ASSIGNED TASK: Output each record exactly, excluding pictures.

AVAILABLE DATA:
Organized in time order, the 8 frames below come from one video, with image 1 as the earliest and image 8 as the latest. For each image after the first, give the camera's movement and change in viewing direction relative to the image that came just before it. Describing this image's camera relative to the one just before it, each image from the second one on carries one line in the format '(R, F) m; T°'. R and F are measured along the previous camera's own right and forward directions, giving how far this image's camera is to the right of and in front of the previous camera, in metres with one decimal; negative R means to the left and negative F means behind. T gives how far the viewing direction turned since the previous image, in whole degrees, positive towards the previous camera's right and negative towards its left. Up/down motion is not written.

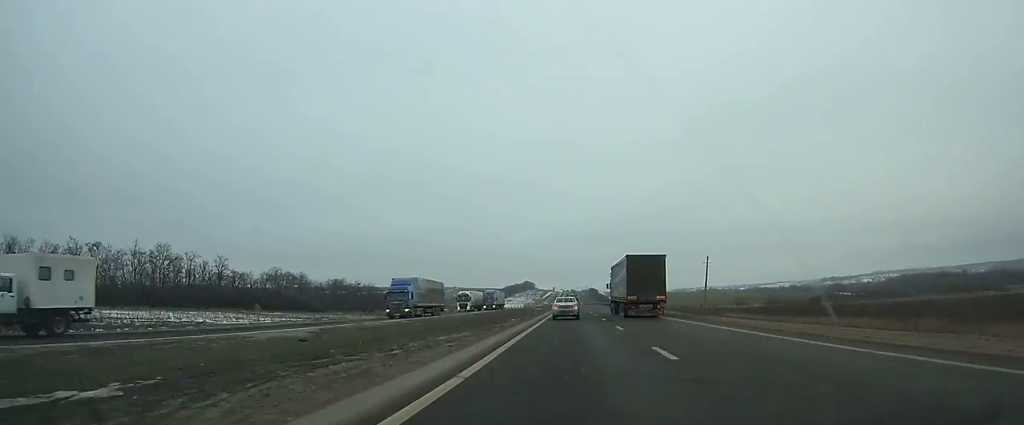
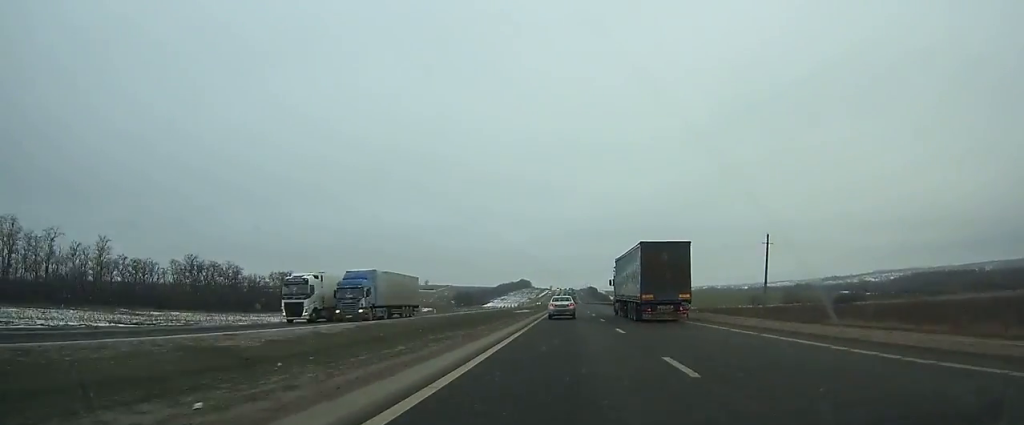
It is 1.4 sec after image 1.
(0.0, +38.7) m; 0°
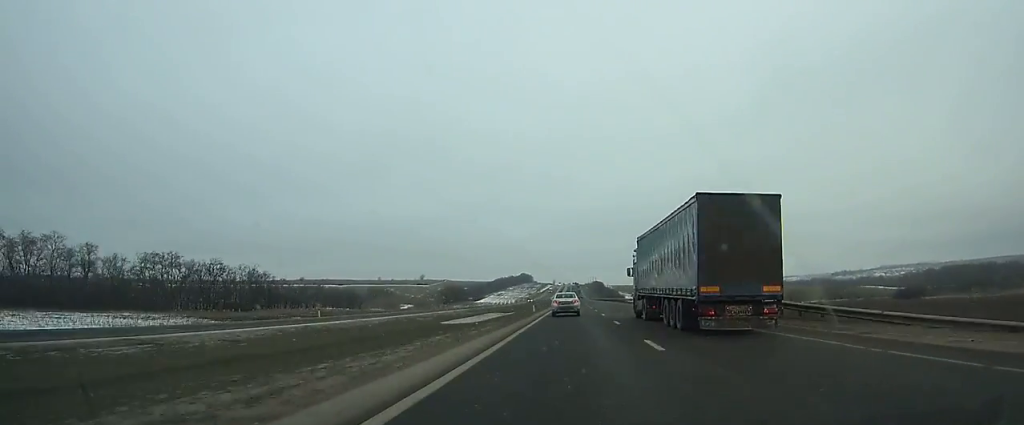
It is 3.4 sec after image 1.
(+0.1, +55.4) m; 0°
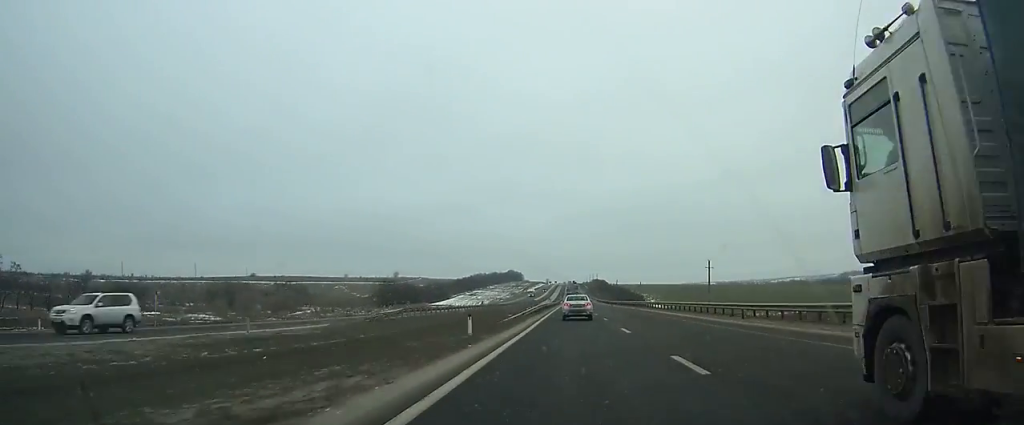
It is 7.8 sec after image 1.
(-0.2, +123.3) m; 0°
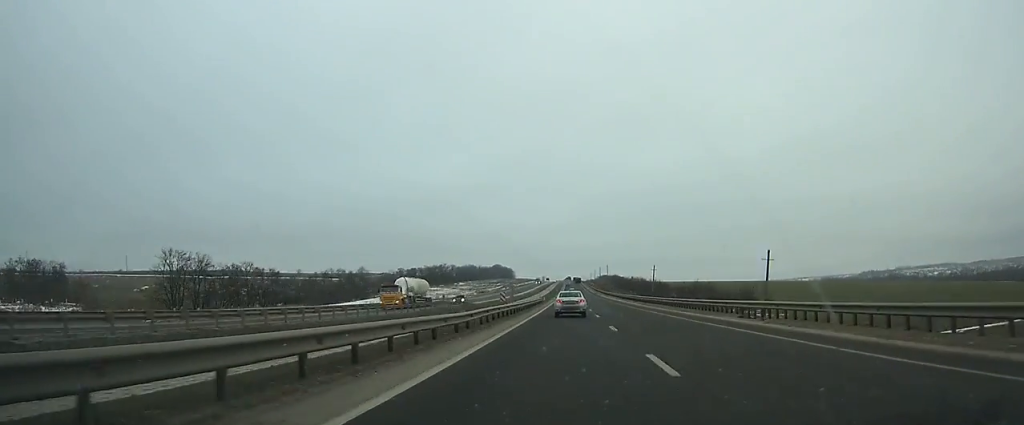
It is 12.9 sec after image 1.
(0.0, +142.7) m; 0°
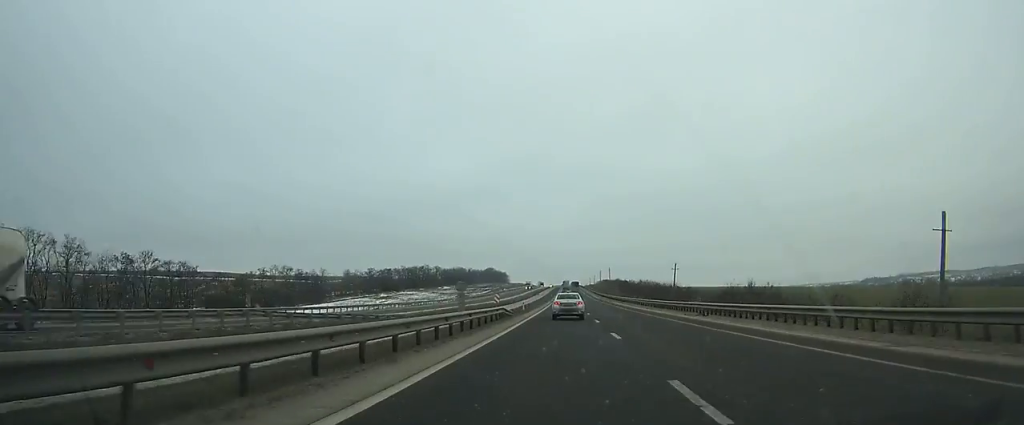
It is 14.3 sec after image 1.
(+0.1, +38.7) m; 0°
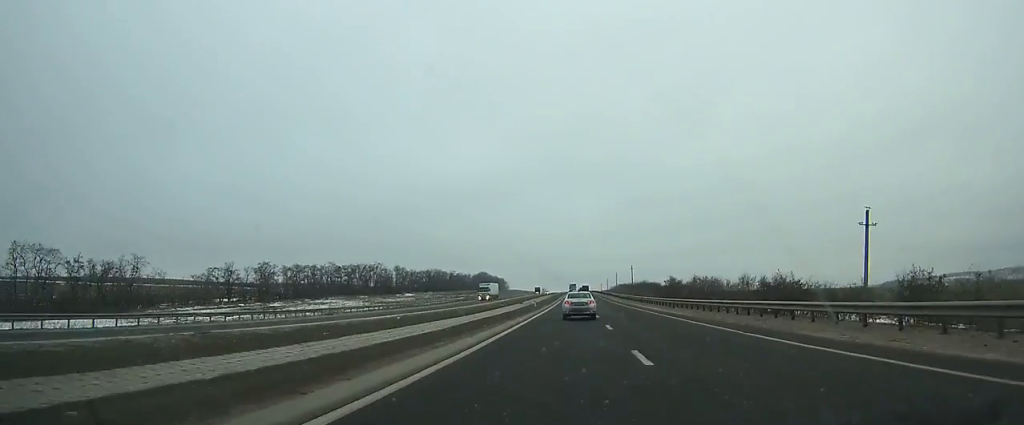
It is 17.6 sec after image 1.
(-0.2, +89.6) m; 0°
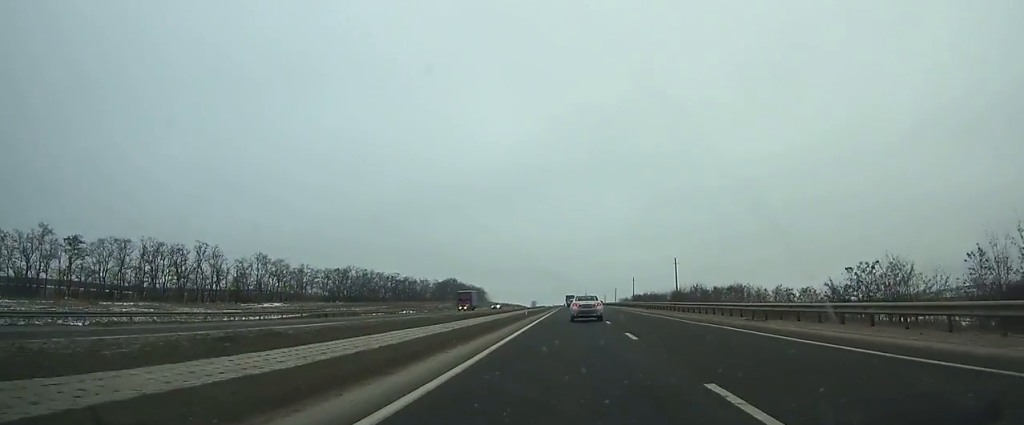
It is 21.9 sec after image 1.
(+0.1, +111.8) m; 0°

SOLUTION FOR THIS PROBLEM:
Organized in time order, the 8 frames below come from one video, with image 1 as the earliest and image 8 as the latest. For each image after the first, give the camera's movement and change in viewing direction relative to the image that came just before it. Describing this image's camera relative to the one just before it, each image from the second one on carries one line in the format '(R, F) m; T°'. R and F are measured along the previous camera's own right and forward directions, giving how far this image's camera is to the right of and in front of the previous camera, in metres with one decimal; negative R means to the left and negative F means behind. T gives how far the viewing direction turned since the previous image, in whole degrees, positive towards the previous camera's right and negative towards its left. Up/down motion is not written.

It is 1.4 sec after image 1.
(0.0, +38.7) m; 0°
It is 3.4 sec after image 1.
(+0.1, +55.4) m; 0°
It is 7.8 sec after image 1.
(-0.2, +123.3) m; 0°
It is 12.9 sec after image 1.
(0.0, +142.7) m; 0°
It is 14.3 sec after image 1.
(+0.1, +38.7) m; 0°
It is 17.6 sec after image 1.
(-0.2, +89.6) m; 0°
It is 21.9 sec after image 1.
(+0.1, +111.8) m; 0°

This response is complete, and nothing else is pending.